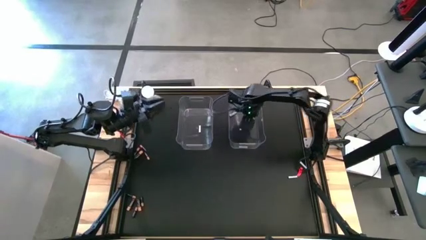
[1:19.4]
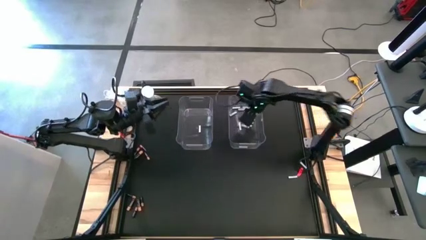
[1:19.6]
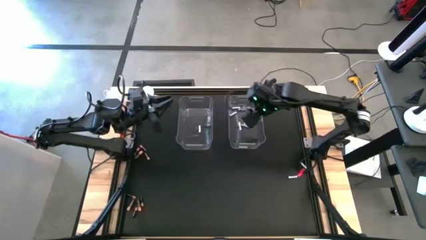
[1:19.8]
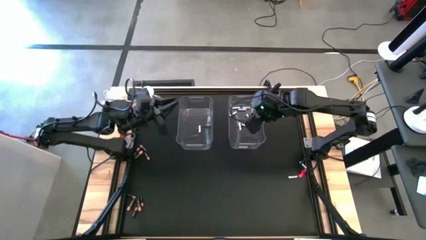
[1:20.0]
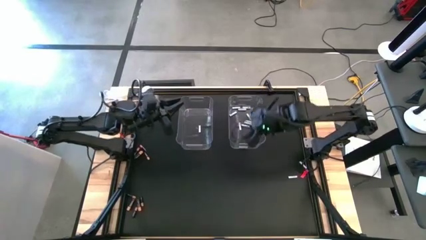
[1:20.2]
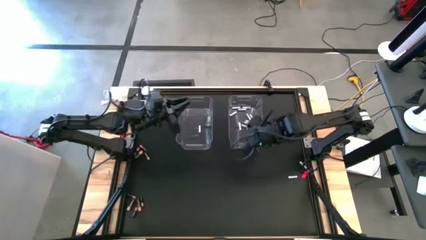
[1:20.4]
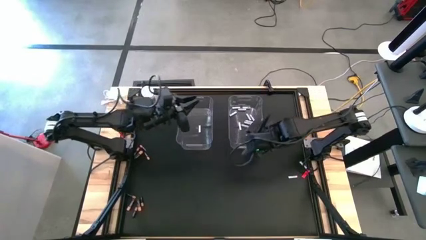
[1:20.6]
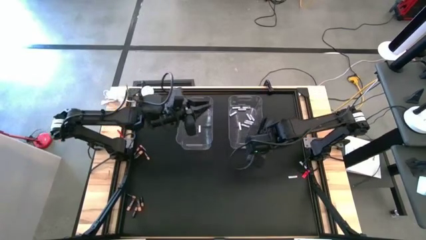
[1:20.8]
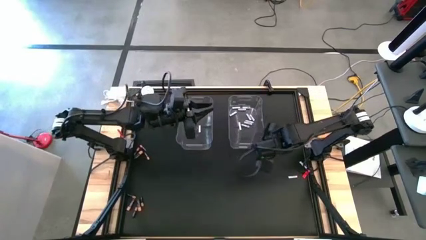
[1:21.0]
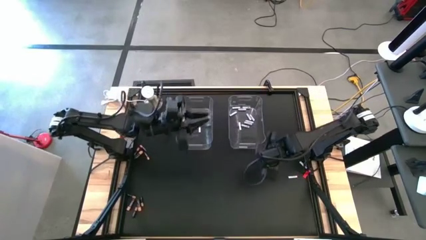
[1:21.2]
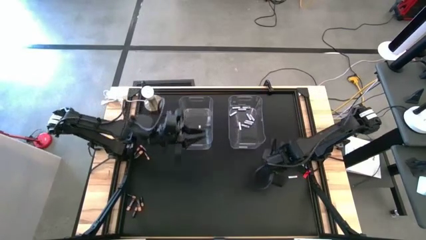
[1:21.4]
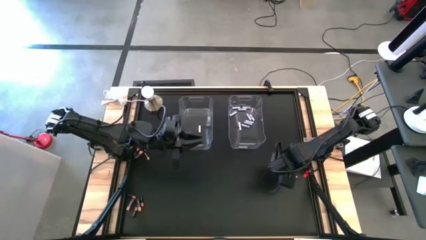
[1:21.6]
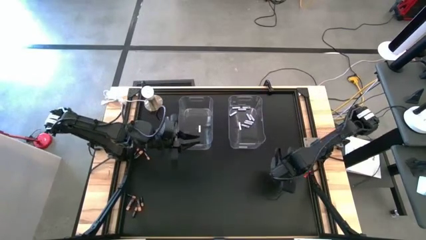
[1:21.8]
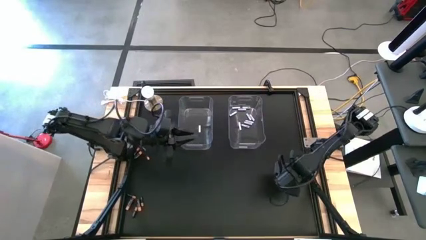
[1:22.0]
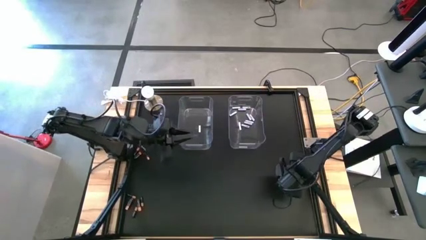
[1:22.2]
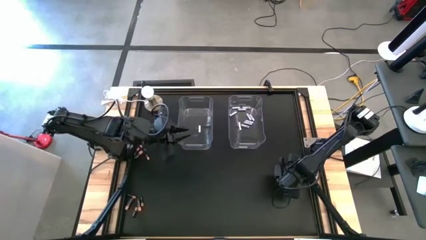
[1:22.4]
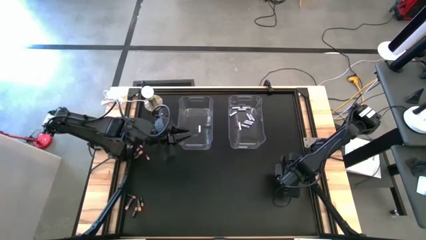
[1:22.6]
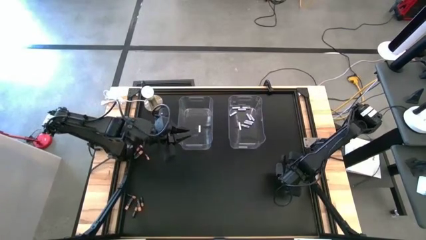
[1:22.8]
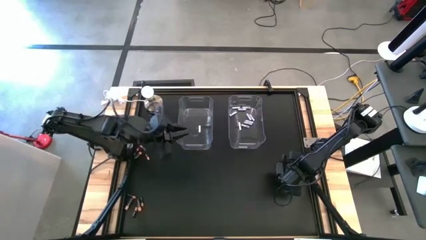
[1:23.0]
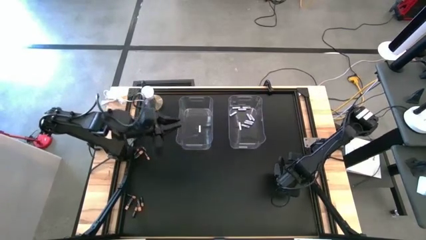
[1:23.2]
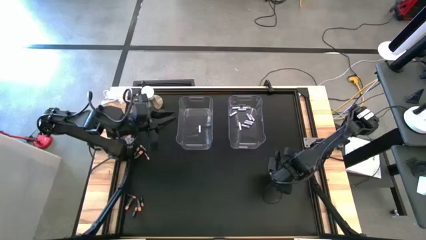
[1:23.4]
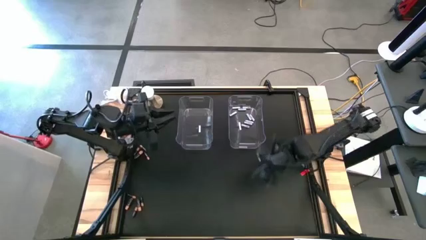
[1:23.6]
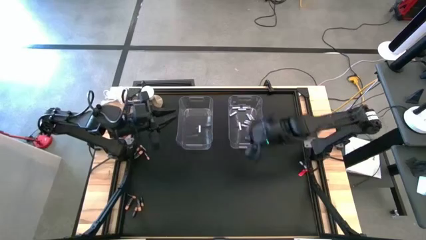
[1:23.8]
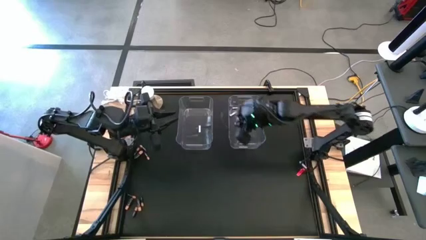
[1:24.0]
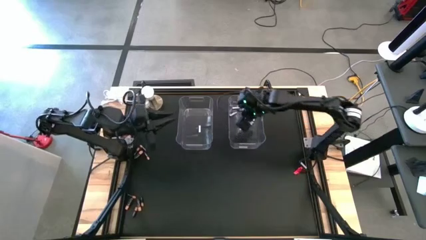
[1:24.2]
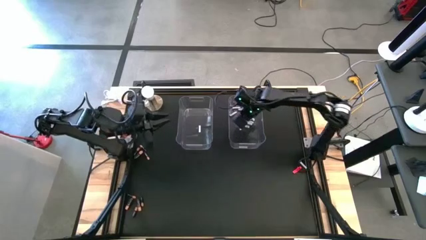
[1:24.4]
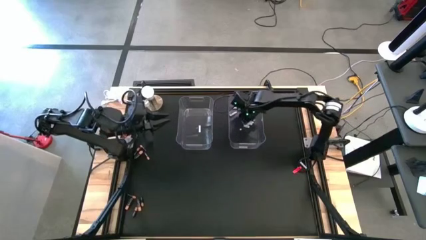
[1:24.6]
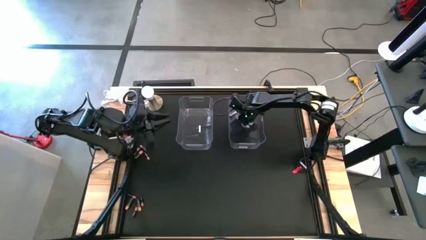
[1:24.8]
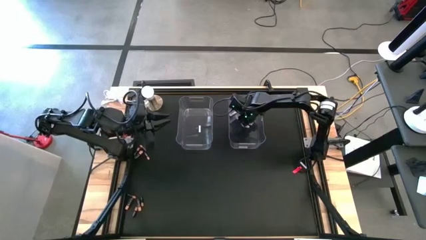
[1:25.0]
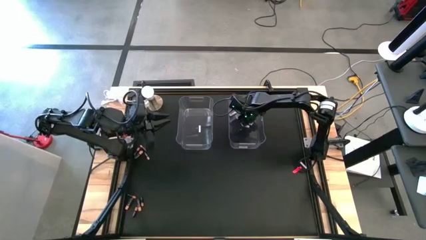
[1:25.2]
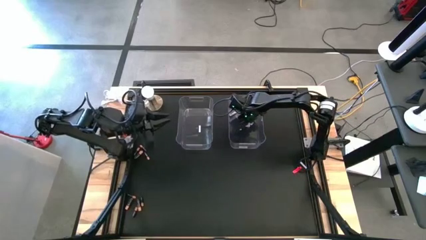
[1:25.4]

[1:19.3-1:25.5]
Task: Sort batteries
Put the white battery into the right transparent bin

▸ **Aim of the exercise**: No image belongs in the copy. Transcribe the full listing verbatim.

▸ **Response for this exercise**:
[1:19.4]
[1:19.6]
[1:19.8]
[1:20.0]
[1:20.2]
[1:20.4]
[1:20.6]
[1:20.8]
[1:21.0]
[1:21.2]
[1:21.4]
[1:21.6]
[1:21.8]
[1:22.0]
[1:22.2]
[1:22.4]
[1:22.6]
[1:22.8]
[1:23.0]
[1:23.2]
[1:23.4]
[1:23.6]
[1:23.8]
[1:24.0]
[1:24.2]
[1:24.4]
[1:24.6]
[1:24.8]
[1:25.0]
[1:25.2]
[1:25.4]

[1:19.3-1:25.5]
Task: Sort batteries
Put the white battery into the right transparent bin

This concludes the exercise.